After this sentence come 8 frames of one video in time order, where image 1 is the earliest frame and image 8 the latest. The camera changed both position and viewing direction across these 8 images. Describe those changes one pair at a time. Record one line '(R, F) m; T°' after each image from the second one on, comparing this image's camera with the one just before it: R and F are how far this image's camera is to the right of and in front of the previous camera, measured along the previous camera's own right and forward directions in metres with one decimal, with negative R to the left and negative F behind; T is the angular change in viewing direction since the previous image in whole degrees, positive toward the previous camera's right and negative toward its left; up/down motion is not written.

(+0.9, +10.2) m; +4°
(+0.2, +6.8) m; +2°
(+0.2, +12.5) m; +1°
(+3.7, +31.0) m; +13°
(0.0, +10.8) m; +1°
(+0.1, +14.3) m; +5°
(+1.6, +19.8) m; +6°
◆ ◆ ◆ ◆ ◆
● Problem to work on
Every line above should be written out again, unchanged.

● Result below
After this sentence come 8 frames of one video in time order, where image 1 is the earliest frame and image 8 the latest. The camera changed both position and viewing direction across these 8 images. Describe those changes one pair at a time. Record one line '(R, F) m; T°' after each image from the second one on, comparing this image's camera with the one just before it: R and F are how far this image's camera is to the right of and in front of the previous camera, measured along the previous camera's own right and forward directions in metres with one decimal, with negative R to the left and negative F behind; T is the angular change in viewing direction since the previous image in whole degrees, positive toward the previous camera's right and negative toward its left; up/down motion is not written.

(+0.9, +10.2) m; +4°
(+0.2, +6.8) m; +2°
(+0.2, +12.5) m; +1°
(+3.7, +31.0) m; +13°
(0.0, +10.8) m; +1°
(+0.1, +14.3) m; +5°
(+1.6, +19.8) m; +6°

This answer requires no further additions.